Use your results from the last task to asnwer the following questions _[edit this text block]_:

Q7:	Does this model explain more or less variation in log-transformed median house price than the precious model? By how much? 

**A7: **

Q8:	Do you think this model violates the assumption of about heteroscedasticity of residuals? 

**A8:  **

Q9:	Replace ??? to explain the effect size:

**A9:** “For every one percent more people in Group 1, median house price ??? [increases/decreases] by ??? %”


### Multivariate Model

Another way we might improve our model to gain even more explanatory power is to add a second independent variable (making it a multivariate model). For example, maybe we can use the additional Group percentages to improve the model. 

To do this first we need to create a additional columns in our DataFrame containing Group percentages. The quickest way to do this is a loop:

In [None]:
groups = ["Group2","Group3","Group4","Group5","Group6","Group7","Group8"]
for group in groups:
    
        # Derive Proportions
        nsvalDF[group+'Pct'] = 100 * (nsvalDF[group]/nsvalDF["Total"])
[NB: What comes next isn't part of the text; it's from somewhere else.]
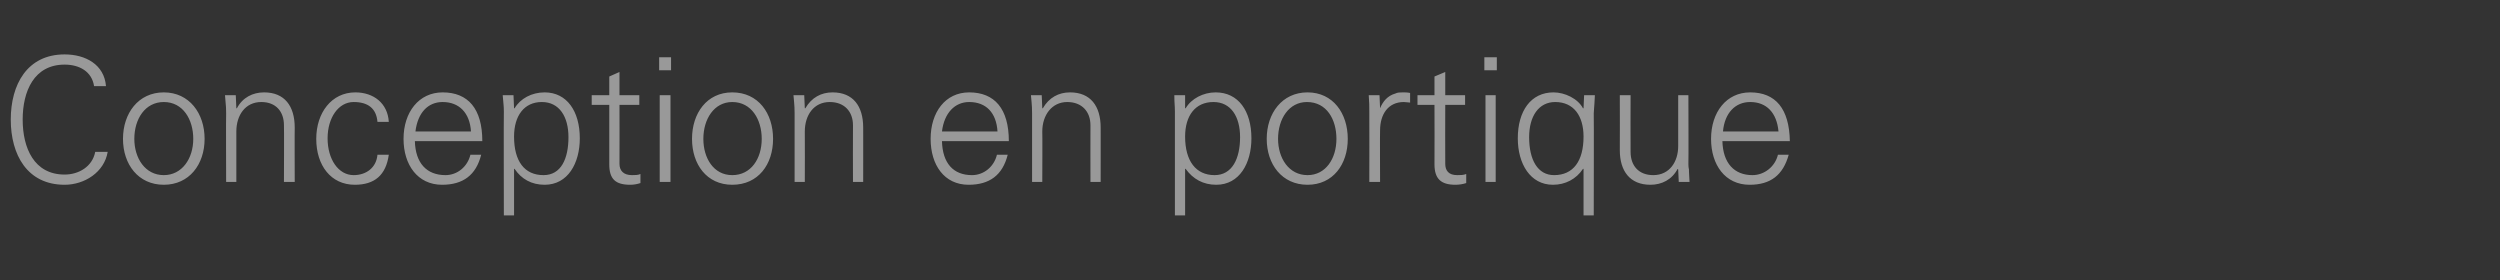<?xml version="1.0" standalone="no"?><!DOCTYPE svg PUBLIC "-//W3C//DTD SVG 1.1//EN" "http://www.w3.org/Graphics/SVG/1.1/DTD/svg11.dtd"><svg xmlns="http://www.w3.org/2000/svg" version="1.1" width="441.1px" height="49.4px" viewBox="0 -10 441.1 49.4" style="top:-10px"><rect x="0" y="-10" width="441.1" height="49.4" fill="#333333" stroke="none"/>  <desc>Conception en portique</desc>  <defs/>  <g id="Polygon320476">    <path d="M 16.6 5.2 C 16.2 2.6 14 1.4 11.4 1.4 C 6 1.4 4 6.1 4 11.1 C 4 16.1 6 20.8 11.4 20.8 C 13.9 20.8 16.3 19.4 16.8 16.8 C 16.8 16.8 19 16.8 19 16.8 C 18.4 20.4 14.9 22.6 11.4 22.6 C 4.8 22.6 1.9 17.3 1.9 11.1 C 1.9 4.9 4.8 -0.4 11.4 -0.4 C 15.1 -0.4 18.4 1.4 18.7 5.2 C 18.7 5.2 16.6 5.2 16.6 5.2 Z M 36.1 14.5 C 36.1 19 33.4 22.6 28.9 22.6 C 24.4 22.6 21.7 19 21.7 14.5 C 21.7 10 24.4 6.3 28.9 6.3 C 33.4 6.3 36.1 10 36.1 14.5 Z M 28.9 20.9 C 32.1 20.9 34.1 18 34.1 14.5 C 34.1 11.1 32.3 8 28.9 8 C 25.6 8 23.7 11 23.7 14.5 C 23.7 17.9 25.6 20.9 28.9 20.9 Z M 52 12.5 C 51.97 12.45 52 22.1 52 22.1 L 50.1 22.1 C 50.1 22.1 50.14 12.11 50.1 12.1 C 50.1 9.7 48.7 8 46.1 8 C 43.3 8 41.7 10.3 41.7 13.2 C 41.69 13.25 41.7 22.1 41.7 22.1 L 39.9 22.1 C 39.9 22.1 39.86 10.03 39.9 10 C 39.9 9.4 39.9 8.8 39.7 6.8 C 39.71 6.79 41.6 6.8 41.6 6.8 L 41.7 9.1 C 41.7 9.1 41.76 9.12 41.8 9.1 C 42.8 7.2 44.6 6.3 46.6 6.3 C 50.2 6.3 52 8.7 52 12.5 Z M 68.6 11.5 C 68.6 11.5 66.6 11.5 66.6 11.5 C 66.4 9.1 64.9 8 62.4 8 C 59.7 8 57.8 10.8 57.8 14.4 C 57.8 18.1 59.7 20.9 62.4 20.9 C 64.6 20.9 66.4 19.6 66.6 17.3 C 66.6 17.3 68.6 17.3 68.6 17.3 C 68.1 20.9 66.1 22.6 62.6 22.6 C 58.4 22.6 55.8 19.2 55.8 14.5 C 55.8 9.9 58.5 6.3 62.7 6.3 C 65.9 6.3 68.4 8.2 68.6 11.5 Z M 85.1 14.9 C 85.1 14.9 73.2 14.9 73.2 14.9 C 73.3 18.8 75.3 20.9 78.6 20.9 C 80.7 20.9 82.5 19.4 83 17.3 C 83 17.3 84.9 17.3 84.9 17.3 C 84 20.9 81.7 22.6 78 22.6 C 73.7 22.6 71.2 19.1 71.2 14.5 C 71.2 9.8 73.9 6.3 78.1 6.3 C 82.6 6.3 85.1 9.2 85.1 14.9 Z M 83.1 13.2 C 82.9 9.9 81 8 78.1 8 C 75.5 8 73.7 9.9 73.3 13.2 C 73.3 13.2 83.1 13.2 83.1 13.2 Z M 102.3 14.4 C 102.3 18.8 100.2 22.6 96.1 22.6 C 93.8 22.6 92 21.6 90.8 19.8 C 90.76 19.76 90.7 19.8 90.7 19.8 L 90.7 28 L 88.9 28 C 88.9 28 88.86 9.7 88.9 9.7 C 88.9 8.5 88.8 8.3 88.7 6.8 C 88.71 6.79 90.6 6.8 90.6 6.8 L 90.7 9.1 C 90.7 9.1 90.76 9.12 90.8 9.1 C 91.8 7.4 93.8 6.3 96.1 6.3 C 100 6.3 102.3 9.6 102.3 14.4 Z M 95.9 20.9 C 99 20.9 100.3 18 100.3 14.2 C 100.3 10.6 98.7 8 95.6 8 C 92.5 8 90.7 10.4 90.7 14.1 C 90.7 18.4 92.5 20.9 95.9 20.9 Z M 109.3 6.8 L 112.8 6.8 L 112.8 8.5 L 109.3 8.5 C 109.3 8.5 109.33 18.9 109.3 18.9 C 109.3 20.1 110 20.9 111.5 20.9 C 112 20.9 112.6 20.9 113 20.7 C 113 20.7 113 22.3 113 22.3 C 112.4 22.5 111.8 22.6 111.2 22.6 C 108.6 22.6 107.5 21.6 107.5 19 C 107.49 19 107.5 8.5 107.5 8.5 L 104.4 8.5 L 104.4 6.8 L 107.5 6.8 L 107.5 3.5 L 109.3 2.7 L 109.3 6.8 Z M 118.4 0.1 L 118.4 2.4 L 116.3 2.4 L 116.3 0.1 L 118.4 0.1 Z M 116.4 6.8 L 118.3 6.8 L 118.3 22.1 L 116.4 22.1 L 116.4 6.8 Z M 136.4 14.5 C 136.4 19 133.8 22.6 129.2 22.6 C 124.7 22.6 122.1 19 122.1 14.5 C 122.1 10 124.7 6.3 129.2 6.3 C 133.8 6.3 136.4 10 136.4 14.5 Z M 129.2 20.9 C 132.5 20.9 134.4 18 134.4 14.5 C 134.4 11.1 132.6 8 129.2 8 C 126 8 124.1 11 124.1 14.5 C 124.1 17.9 125.9 20.9 129.2 20.9 Z M 152.3 12.5 C 152.31 12.45 152.3 22.1 152.3 22.1 L 150.5 22.1 C 150.5 22.1 150.47 12.11 150.5 12.1 C 150.5 9.7 149 8 146.4 8 C 143.6 8 142 10.3 142 13.2 C 142.03 13.25 142 22.1 142 22.1 L 140.2 22.1 C 140.2 22.1 140.19 10.03 140.2 10 C 140.2 9.4 140.2 8.8 140 6.8 C 140.04 6.79 141.9 6.8 141.9 6.8 L 142 9.1 C 142 9.1 142.09 9.12 142.1 9.1 C 143.2 7.2 144.9 6.3 146.9 6.3 C 150.5 6.3 152.3 8.7 152.3 12.5 Z M 178 14.9 C 178 14.9 166.2 14.9 166.2 14.9 C 166.3 18.8 168.2 20.9 171.5 20.9 C 173.6 20.9 175.4 19.4 175.9 17.3 C 175.9 17.3 177.8 17.3 177.8 17.3 C 176.9 20.9 174.6 22.6 170.9 22.6 C 166.6 22.6 164.2 19.1 164.2 14.5 C 164.2 9.8 166.8 6.3 171 6.3 C 175.5 6.3 178 9.2 178 14.9 Z M 176 13.2 C 175.8 9.9 174 8 171 8 C 168.5 8 166.6 9.9 166.2 13.2 C 166.2 13.2 176 13.2 176 13.2 Z M 194.2 12.5 C 194.21 12.45 194.2 22.1 194.2 22.1 L 192.4 22.1 C 192.4 22.1 192.38 12.11 192.4 12.1 C 192.4 9.7 190.9 8 188.3 8 C 185.6 8 183.9 10.3 183.9 13.2 C 183.94 13.25 183.9 22.1 183.9 22.1 L 182.1 22.1 C 182.1 22.1 182.1 10.03 182.1 10 C 182.1 9.4 182.1 8.8 181.9 6.8 C 181.95 6.79 183.8 6.8 183.8 6.8 L 183.9 9.1 C 183.9 9.1 184 9.12 184 9.1 C 185.1 7.2 186.8 6.3 188.8 6.3 C 192.4 6.3 194.2 8.7 194.2 12.5 Z M 220.8 14.4 C 220.8 18.8 218.7 22.6 214.6 22.6 C 212.3 22.6 210.5 21.6 209.2 19.8 C 209.2 19.76 209.1 19.8 209.1 19.8 L 209.1 28 L 207.3 28 C 207.3 28 207.31 9.7 207.3 9.7 C 207.3 8.5 207.2 8.3 207.2 6.8 C 207.15 6.79 209.1 6.8 209.1 6.8 L 209.1 9.1 C 209.1 9.1 209.2 9.12 209.2 9.1 C 210.2 7.4 212.3 6.3 214.5 6.3 C 218.5 6.3 220.8 9.6 220.8 14.4 Z M 214.3 20.9 C 217.4 20.9 218.8 18 218.8 14.2 C 218.8 10.6 217.2 8 214.1 8 C 210.9 8 209.1 10.4 209.1 14.1 C 209.1 18.4 211 20.9 214.3 20.9 Z M 237.8 14.5 C 237.8 19 235.2 22.6 230.7 22.6 C 226.2 22.6 223.5 19 223.5 14.5 C 223.5 10 226.2 6.3 230.7 6.3 C 235.2 6.3 237.8 10 237.8 14.5 Z M 230.7 20.9 C 233.9 20.9 235.8 18 235.8 14.5 C 235.8 11.1 234.1 8 230.6 8 C 227.4 8 225.5 11 225.5 14.5 C 225.5 17.9 227.4 20.9 230.7 20.9 Z M 248.8 6.4 C 248.8 6.4 248.8 8.1 248.8 8.1 C 248.5 8.1 248.1 8 247.7 8 C 244.9 8 243.5 10.2 243.5 13 C 243.46 12.97 243.5 22.1 243.5 22.1 L 241.6 22.1 C 241.6 22.1 241.63 9.7 241.6 9.7 C 241.6 8.5 241.6 8.3 241.5 6.8 C 241.48 6.79 243.4 6.8 243.4 6.8 L 243.5 9.1 C 243.5 9.1 243.53 9.05 243.5 9.1 C 244 7.9 244.8 6.9 246.2 6.5 C 246.6 6.3 247 6.3 247.6 6.3 C 247.9 6.3 248.3 6.3 248.8 6.4 Z M 255 6.8 L 258.5 6.8 L 258.5 8.5 L 255 8.5 C 255 8.5 254.97 18.9 255 18.9 C 255 20.1 255.6 20.9 257.1 20.9 C 257.7 20.9 258.2 20.9 258.7 20.7 C 258.7 20.7 258.7 22.3 258.7 22.3 C 258.1 22.5 257.4 22.6 256.8 22.6 C 254.3 22.6 253.1 21.6 253.1 19 C 253.13 19 253.1 8.5 253.1 8.5 L 250.1 8.5 L 250.1 6.8 L 253.1 6.8 L 253.1 3.5 L 255 2.7 L 255 6.8 Z M 264.1 0.1 L 264.1 2.4 L 261.9 2.4 L 261.9 0.1 L 264.1 0.1 Z M 262.1 6.8 L 263.9 6.8 L 263.9 22.1 L 262.1 22.1 L 262.1 6.8 Z M 279.3 9.1 C 279.35 9.05 279.3 9.1 279.3 9.1 L 279.4 9.1 L 279.5 6.8 C 279.5 6.8 281.4 6.79 281.4 6.8 C 281.3 9.1 281.2 9.5 281.2 10 C 281.24 10.03 281.2 28 281.2 28 L 279.4 28 L 279.4 19.8 C 279.4 19.8 279.35 19.76 279.3 19.8 C 278.1 21.6 276.2 22.6 274 22.6 C 270 22.6 267.8 18.9 267.8 14.4 C 267.8 9.6 270.1 6.3 274.1 6.3 C 276.1 6.3 278.4 7.4 279.3 9.1 Z M 274.2 20.9 C 277.6 20.9 279.4 18.4 279.4 14.1 C 279.4 10.5 277.7 8 274.4 8 C 271.5 8 269.8 10.5 269.8 14.2 C 269.8 18.2 271.3 20.9 274.2 20.9 Z M 285.8 6.8 L 287.7 6.8 C 287.7 6.8 287.67 16.79 287.7 16.8 C 287.7 19.2 289.1 20.9 291.7 20.9 C 294.6 20.9 296.1 18.5 296.1 15.8 C 296.11 15.75 296.1 6.8 296.1 6.8 L 297.9 6.8 C 297.9 6.8 297.94 18.9 297.9 18.9 C 297.9 19.1 297.9 19.5 298 19.9 C 297.97 19.85 298.1 22.1 298.1 22.1 L 296.2 22.1 L 296.1 19.9 C 296.1 19.9 296.05 19.82 296 19.8 C 295 21.7 293.2 22.6 291.2 22.6 C 287.6 22.6 285.8 20.2 285.8 16.5 C 285.83 16.49 285.8 6.8 285.8 6.8 Z M 315.8 14.9 C 315.8 14.9 303.9 14.9 303.9 14.9 C 304 18.8 306 20.9 309.2 20.9 C 311.3 20.9 313.2 19.4 313.7 17.3 C 313.7 17.3 315.6 17.3 315.6 17.3 C 314.6 20.9 312.4 22.6 308.7 22.6 C 304.4 22.6 301.9 19.1 301.9 14.5 C 301.9 9.8 304.6 6.3 308.8 6.3 C 313.3 6.3 315.7 9.2 315.8 14.9 Z M 313.8 13.2 C 313.5 9.9 311.7 8 308.8 8 C 306.2 8 304.3 9.9 304 13.2 C 304 13.2 313.8 13.2 313.8 13.2 Z " stroke="none" fill="#fff" fill-opacity="0.5"/>  </g></svg>

Including additional predictors is pretty straight-forward to do with the formula syntax of the `statsmodel` package:

In [None]:
logP_G1pct_G3pct_mod = sm.OLS.from_formula("LogMedPrice ~ Group1Pct + Group3Pct", data = nsvalDF)  


#### Task

After fitting the model implied in the last line of code, answer the following questions _[edit this text block]_:

Q10: Does the multivariate model improve the amount of variance explained? 

**A10: **

Q11: Is the relationship between Group 3 population and house price positive or negative? Explain why this might make sense. 

**A11: **

Q12: Are you confident both independent variables in this model have an effect on the dependent variable? Why? 

**A12: **


## Final Project

Think about what the results above tell us about the how house prices of an area are related to the socio-econmic composition of that area.

Start thinking about your final project and what data you might analyse for it. 


### Reference
- Lin et al. (2013) Too Big to Fail: Large Samples and the p-Value Problem _Information Systems Research_ 24 906–917 DOI: [10.1287/isre.2013.0480](http://dx.doi.org/10.1287/isre.2013.0480)
- Smith, D. (2010) _Valuing housing and green spaces: Understanding local amenities, the built environment and house prices in London._ London: Greater London Authority.